It seems appropriate that Koons’s latest exhibition should be housed in the 15th-century Palazzo Strozzi in Florence, which was built by wealthy bankers at the height of the Renaissance. According to the show’s curator, the art historian Arturo Galansino, the Strozzi family were big collectors, comparable to the New York hedge funders who collect Koons today. “The Strozzi were the richest men in the world, who liked to spend huge amounts of money on art to show how rich they were. Art history was invented here and Koons belongs to art history,” he says.

The Palazzo Strozzi, like all museums and galleries, is reeling from the financial blow of the pandemic. The hope is that Koons’s sculptures will pull in the punters. His shows are popular with families because youngsters respond to the childlike aspect of his work. And then there’s the Instagram crowd. On the day of the opening I watch a group of young women pose for selfies in the reflective mirrored surface of Koons’s monumental stainless steel Balloon Monkey. The electric blue sculpture modeled on party balloons fills the inner courtyard with its long phallic tail. There’s something deliberately sexual about it.

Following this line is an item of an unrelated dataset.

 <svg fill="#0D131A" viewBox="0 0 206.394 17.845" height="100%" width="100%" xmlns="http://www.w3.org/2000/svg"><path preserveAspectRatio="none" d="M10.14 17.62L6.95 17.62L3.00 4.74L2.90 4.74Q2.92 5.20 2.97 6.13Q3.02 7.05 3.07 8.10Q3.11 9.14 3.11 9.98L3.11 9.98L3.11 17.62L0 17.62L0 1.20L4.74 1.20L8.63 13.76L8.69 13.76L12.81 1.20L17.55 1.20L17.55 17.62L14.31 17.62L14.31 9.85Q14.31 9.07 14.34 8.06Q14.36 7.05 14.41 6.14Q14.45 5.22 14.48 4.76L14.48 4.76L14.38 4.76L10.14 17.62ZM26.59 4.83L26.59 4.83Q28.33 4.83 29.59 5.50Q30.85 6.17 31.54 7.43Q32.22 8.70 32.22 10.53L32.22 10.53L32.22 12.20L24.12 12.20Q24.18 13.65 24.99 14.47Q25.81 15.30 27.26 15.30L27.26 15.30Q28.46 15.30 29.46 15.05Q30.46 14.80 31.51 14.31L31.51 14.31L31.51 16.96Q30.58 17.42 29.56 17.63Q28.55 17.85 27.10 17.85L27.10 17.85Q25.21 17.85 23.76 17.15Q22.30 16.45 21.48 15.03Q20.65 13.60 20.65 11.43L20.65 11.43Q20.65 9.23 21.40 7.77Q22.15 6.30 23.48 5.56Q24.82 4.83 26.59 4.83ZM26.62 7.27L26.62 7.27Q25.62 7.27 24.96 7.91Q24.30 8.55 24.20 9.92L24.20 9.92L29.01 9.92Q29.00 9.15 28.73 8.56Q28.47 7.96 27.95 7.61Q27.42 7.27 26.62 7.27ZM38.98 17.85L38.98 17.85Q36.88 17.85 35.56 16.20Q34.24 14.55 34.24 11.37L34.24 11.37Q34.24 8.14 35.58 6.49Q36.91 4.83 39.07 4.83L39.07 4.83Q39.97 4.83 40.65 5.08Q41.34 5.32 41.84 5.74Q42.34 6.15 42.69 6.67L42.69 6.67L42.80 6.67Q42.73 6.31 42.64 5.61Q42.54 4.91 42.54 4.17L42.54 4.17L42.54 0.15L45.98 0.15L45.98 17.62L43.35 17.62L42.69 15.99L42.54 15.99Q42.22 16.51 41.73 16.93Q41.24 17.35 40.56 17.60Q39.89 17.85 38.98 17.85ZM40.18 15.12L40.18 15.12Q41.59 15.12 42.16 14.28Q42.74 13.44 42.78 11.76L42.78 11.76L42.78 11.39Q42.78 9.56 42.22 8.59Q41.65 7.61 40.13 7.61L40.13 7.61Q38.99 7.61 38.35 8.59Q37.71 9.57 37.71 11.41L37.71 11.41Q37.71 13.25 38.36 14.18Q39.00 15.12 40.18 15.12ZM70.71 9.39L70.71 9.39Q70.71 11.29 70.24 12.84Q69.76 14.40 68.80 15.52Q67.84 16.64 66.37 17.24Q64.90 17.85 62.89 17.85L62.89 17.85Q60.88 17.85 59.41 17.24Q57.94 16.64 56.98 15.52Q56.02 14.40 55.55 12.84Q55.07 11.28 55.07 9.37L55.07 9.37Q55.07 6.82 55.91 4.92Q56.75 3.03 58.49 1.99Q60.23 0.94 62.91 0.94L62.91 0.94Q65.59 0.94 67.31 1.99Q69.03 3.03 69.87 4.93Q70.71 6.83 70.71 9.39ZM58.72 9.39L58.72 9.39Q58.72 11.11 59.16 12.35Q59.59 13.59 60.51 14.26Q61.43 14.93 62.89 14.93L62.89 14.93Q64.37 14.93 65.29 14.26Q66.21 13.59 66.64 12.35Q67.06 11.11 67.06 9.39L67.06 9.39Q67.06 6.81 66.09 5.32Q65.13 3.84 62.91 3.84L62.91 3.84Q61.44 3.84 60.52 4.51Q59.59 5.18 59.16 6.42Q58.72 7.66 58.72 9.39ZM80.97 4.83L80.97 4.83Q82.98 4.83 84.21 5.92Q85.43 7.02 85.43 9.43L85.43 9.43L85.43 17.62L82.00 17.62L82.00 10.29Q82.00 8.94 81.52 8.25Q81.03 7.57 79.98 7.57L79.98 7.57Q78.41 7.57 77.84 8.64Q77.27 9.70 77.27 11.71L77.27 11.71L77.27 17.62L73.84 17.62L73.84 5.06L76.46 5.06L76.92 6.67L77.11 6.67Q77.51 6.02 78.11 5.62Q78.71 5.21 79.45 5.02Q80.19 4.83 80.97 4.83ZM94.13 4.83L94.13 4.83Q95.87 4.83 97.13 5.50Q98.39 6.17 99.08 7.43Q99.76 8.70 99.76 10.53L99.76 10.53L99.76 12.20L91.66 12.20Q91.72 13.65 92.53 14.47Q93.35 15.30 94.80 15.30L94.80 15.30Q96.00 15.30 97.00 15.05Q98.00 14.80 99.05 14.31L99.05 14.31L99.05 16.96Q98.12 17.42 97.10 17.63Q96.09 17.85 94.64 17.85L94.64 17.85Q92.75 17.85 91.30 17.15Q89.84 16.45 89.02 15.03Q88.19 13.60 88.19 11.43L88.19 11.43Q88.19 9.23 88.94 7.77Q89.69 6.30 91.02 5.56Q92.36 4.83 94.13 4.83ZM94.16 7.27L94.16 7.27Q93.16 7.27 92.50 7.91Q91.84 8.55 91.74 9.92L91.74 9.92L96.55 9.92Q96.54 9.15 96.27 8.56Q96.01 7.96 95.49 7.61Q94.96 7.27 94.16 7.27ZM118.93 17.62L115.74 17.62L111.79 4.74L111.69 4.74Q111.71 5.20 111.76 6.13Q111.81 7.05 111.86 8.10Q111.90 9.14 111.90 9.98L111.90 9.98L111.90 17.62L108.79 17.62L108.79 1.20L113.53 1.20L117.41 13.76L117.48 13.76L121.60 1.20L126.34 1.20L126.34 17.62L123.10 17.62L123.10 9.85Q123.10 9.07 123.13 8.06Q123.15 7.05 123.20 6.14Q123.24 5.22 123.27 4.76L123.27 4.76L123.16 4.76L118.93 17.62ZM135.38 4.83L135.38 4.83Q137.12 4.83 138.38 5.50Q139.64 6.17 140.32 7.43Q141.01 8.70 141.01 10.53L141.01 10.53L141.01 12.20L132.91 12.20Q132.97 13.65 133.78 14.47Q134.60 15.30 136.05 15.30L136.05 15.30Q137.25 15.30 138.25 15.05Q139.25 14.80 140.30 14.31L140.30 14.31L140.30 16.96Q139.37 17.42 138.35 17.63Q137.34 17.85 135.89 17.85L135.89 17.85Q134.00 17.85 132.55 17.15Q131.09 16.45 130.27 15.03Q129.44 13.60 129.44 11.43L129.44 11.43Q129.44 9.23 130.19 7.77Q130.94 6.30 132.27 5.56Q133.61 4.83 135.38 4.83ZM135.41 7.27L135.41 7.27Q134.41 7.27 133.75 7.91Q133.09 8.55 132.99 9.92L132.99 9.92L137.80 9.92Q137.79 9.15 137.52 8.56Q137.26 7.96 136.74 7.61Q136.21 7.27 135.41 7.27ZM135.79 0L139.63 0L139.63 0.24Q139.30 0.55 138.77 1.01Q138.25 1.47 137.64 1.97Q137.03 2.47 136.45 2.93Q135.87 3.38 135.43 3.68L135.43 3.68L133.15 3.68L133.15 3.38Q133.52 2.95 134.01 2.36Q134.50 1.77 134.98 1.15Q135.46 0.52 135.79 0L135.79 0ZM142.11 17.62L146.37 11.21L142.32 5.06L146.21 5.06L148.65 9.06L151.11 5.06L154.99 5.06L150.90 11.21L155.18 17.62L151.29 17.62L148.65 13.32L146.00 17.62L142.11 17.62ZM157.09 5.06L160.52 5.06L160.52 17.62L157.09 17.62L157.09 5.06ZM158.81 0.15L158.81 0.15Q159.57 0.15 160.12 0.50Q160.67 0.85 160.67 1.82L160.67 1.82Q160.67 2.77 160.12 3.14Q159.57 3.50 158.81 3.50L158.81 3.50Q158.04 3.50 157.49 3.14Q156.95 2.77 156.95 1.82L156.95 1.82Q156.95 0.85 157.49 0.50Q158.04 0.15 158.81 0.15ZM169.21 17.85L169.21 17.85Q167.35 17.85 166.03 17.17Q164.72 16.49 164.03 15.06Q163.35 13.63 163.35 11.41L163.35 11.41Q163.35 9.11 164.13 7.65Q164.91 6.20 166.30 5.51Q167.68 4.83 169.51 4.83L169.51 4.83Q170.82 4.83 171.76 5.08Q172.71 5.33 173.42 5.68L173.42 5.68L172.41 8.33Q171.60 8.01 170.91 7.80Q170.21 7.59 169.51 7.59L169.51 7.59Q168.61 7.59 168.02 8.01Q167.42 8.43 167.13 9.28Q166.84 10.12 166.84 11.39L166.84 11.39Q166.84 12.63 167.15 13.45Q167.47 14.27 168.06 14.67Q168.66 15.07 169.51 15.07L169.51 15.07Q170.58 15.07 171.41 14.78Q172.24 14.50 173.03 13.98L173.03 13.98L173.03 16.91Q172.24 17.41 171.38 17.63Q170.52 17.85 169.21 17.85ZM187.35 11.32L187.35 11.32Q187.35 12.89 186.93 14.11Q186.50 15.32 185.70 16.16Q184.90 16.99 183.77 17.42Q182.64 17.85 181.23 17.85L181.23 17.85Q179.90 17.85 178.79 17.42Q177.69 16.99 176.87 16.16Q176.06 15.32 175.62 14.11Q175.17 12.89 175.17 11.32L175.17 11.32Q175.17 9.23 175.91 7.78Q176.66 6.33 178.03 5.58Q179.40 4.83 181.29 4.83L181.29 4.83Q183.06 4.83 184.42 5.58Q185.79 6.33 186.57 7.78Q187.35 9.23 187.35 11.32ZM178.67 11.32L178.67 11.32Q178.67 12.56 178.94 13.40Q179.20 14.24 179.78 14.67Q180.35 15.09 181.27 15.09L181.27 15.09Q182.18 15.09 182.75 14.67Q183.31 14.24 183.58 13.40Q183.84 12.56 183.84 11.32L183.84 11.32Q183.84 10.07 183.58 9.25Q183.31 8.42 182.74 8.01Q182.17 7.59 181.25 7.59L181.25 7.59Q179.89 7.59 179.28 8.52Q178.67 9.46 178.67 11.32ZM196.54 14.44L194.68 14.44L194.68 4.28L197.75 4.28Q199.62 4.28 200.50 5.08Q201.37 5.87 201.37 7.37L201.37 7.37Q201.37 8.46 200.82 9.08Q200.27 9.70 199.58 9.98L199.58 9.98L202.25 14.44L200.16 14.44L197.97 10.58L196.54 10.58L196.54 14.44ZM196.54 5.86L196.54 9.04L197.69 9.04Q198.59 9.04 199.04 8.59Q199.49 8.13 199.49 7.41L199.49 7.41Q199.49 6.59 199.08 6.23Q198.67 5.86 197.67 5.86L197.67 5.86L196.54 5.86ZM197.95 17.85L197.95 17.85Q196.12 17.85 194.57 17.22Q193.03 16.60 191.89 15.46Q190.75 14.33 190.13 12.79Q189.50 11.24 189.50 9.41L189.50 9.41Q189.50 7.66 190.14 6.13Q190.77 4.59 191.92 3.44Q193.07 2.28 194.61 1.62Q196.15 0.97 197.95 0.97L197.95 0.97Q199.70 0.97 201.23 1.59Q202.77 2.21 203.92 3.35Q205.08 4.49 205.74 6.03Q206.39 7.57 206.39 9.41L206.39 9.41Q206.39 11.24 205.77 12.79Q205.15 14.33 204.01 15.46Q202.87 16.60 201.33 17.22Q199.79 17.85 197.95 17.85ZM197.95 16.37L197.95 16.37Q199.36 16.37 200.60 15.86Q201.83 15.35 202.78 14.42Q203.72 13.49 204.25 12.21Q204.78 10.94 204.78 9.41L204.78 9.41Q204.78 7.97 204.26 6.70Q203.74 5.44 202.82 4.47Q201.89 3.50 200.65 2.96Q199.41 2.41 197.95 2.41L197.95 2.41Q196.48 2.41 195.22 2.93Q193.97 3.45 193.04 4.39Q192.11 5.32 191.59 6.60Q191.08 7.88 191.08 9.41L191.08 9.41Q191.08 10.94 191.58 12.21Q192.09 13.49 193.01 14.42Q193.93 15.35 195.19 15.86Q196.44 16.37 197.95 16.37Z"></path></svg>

Koons has a strong personal connection to Italy, but it’s a painful one. His oldest son, Ludwig, from whom he was estranged for many years, is Italian. His first wife, Ilona Staller, was a Hungarian-born Italian porn star, who was briefly an MP in the 1980s. Known as La Cicciolina, she had a novel approach to international diplomacy: She once offered to have sex with Saddam Hussein in exchange for letting weapons inspectors into Iraq. Koons met Staller in a nightclub and initially hired her as a model for a series of very graphic sexual paintings and sculptures depicting the pair of them in various positions of the Kama Sutra. He called the series Made in Heaven and said he hoped it would neutralize “shame around sex.” Instead it caused outrage in the art world, cementing Koons’s reputation as a cynical self-publicist. The couple married in 1991 but three years later, after their son was born, had an acrimonious divorce and a long, bitter custody battle.

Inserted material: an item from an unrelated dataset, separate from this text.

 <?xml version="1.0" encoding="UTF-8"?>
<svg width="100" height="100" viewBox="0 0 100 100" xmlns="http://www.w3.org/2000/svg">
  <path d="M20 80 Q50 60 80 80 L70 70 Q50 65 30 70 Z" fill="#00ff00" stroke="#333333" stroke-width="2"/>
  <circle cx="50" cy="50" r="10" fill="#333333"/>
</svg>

It’s hard to reconcile the mild-mannered man I meet with the exhibitionist who once posed naked, simulating sex with a porn star. He comes across as a family man who is happiest when talking about his kids. He has eight in total, ranging in age from nine to 46. The oldest, Shannon Rodgers, was conceived while Koons was an art student. He wanted to marry her mother but she felt they were too young, and the baby was put up for adoption. Koons was thrilled when Shannon tracked him down in 1995. He’s in regular contact with her and his two grandchildren. His six youngest children are with his current wife, Justine Wheeler, a South African-born artist who once worked as his studio assistant and has proved to be a great stabilizing influence after the chaos of the Cicciolina years.

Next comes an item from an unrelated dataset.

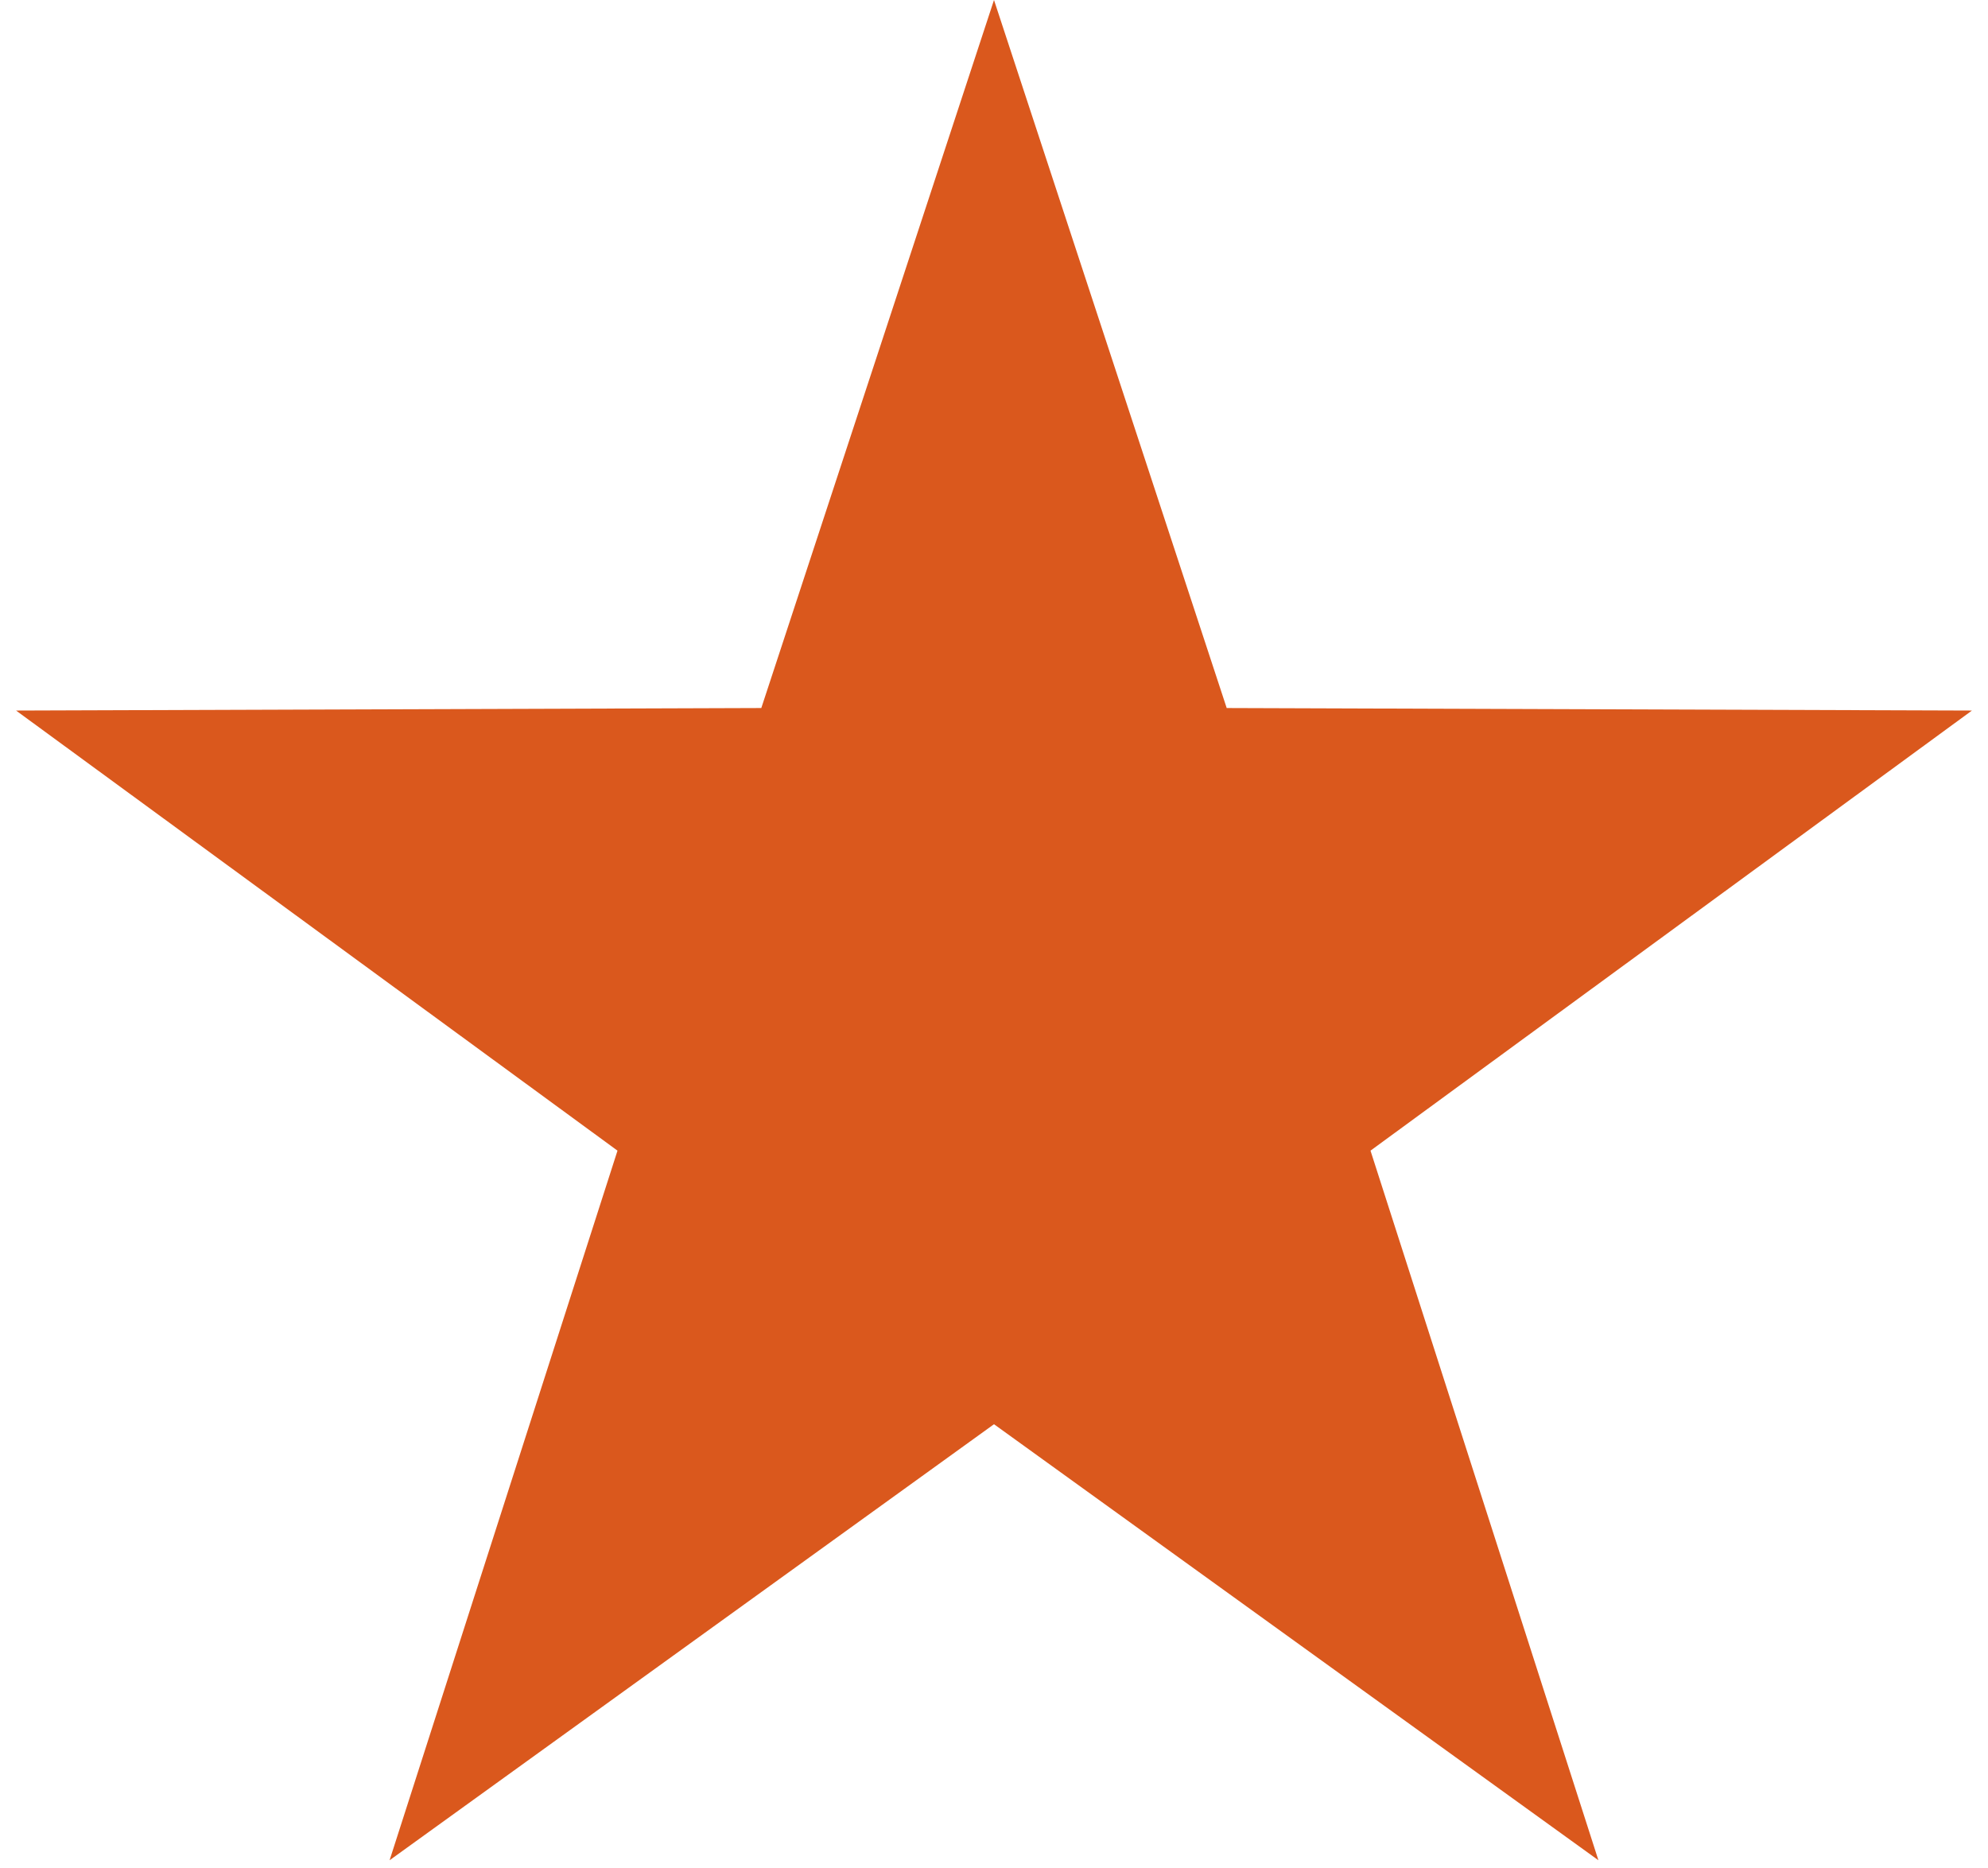 <svg width="116" height="109" viewBox="0 0 116 109" fill="none" xmlns="http://www.w3.org/2000/svg">
<path d="M58 0L71.578 41.312L115.063 41.459L79.969 67.138L93.267 108.541L58 83.1L22.733 108.541L36.031 67.138L0.937 41.459L44.422 41.312L58 0Z" fill="#DA581D"/>
</svg>

The custody battle over his son cast a long shadow. When Ludwig was a toddler, he was taken by his mother back to Rome in contravention of a New York court order and didn’t see his father for a long time. Koons told The Guardian that Ludwig “was turned against me” and that the legal costs nearly drove him to bankruptcy. During that time Koons destroyed some of the Made in Heaven series. There was some speculation that he had done this in anger, but he is also reported as saying he did it to protect his son after his ex-wife claimed the works were pornographic. It was clearly a very painful period for the artist who set up the Koons Family Institute on International Law and Policy to help other parents in similar situations. Though I am asked not to bring up the saga, I am assured that he and Ludwig, now 29, are on good terms.

He gushes with pride when I ask if any of his children are artistic, telling me that one of his two daughters, Scarlet, wants to be an actress and a stand-up comedian, and his youngest son is extremely gifted at drawing. “Probably the greatest pleasure I have is showing my children a way in the world in which they can flourish,” he says, smiling. “We drag them round museums all over the world. We usually spend new year in a foreign city and that would involve a visit to a gallery or museum. They would be with me here in Florence if it wasn’t for school.”

The Koons family split their time between a townhouse on the Upper East Side of Manhattan and a farm in Pennsylvania. Eighteen years ago he and Justine decided they wanted the children to experience rural life, so went house-hunting in Pennsylvania. After looking “at literally hundreds of places” they ended up buying his grandfather’s old farm, which had been sold when the artist was four years old. “We knocked on the door, I explained about my grandfather, so they invited us in, showed us round and you know what? About three months later they rang and said, ‘Would you be interested in buying?’ ”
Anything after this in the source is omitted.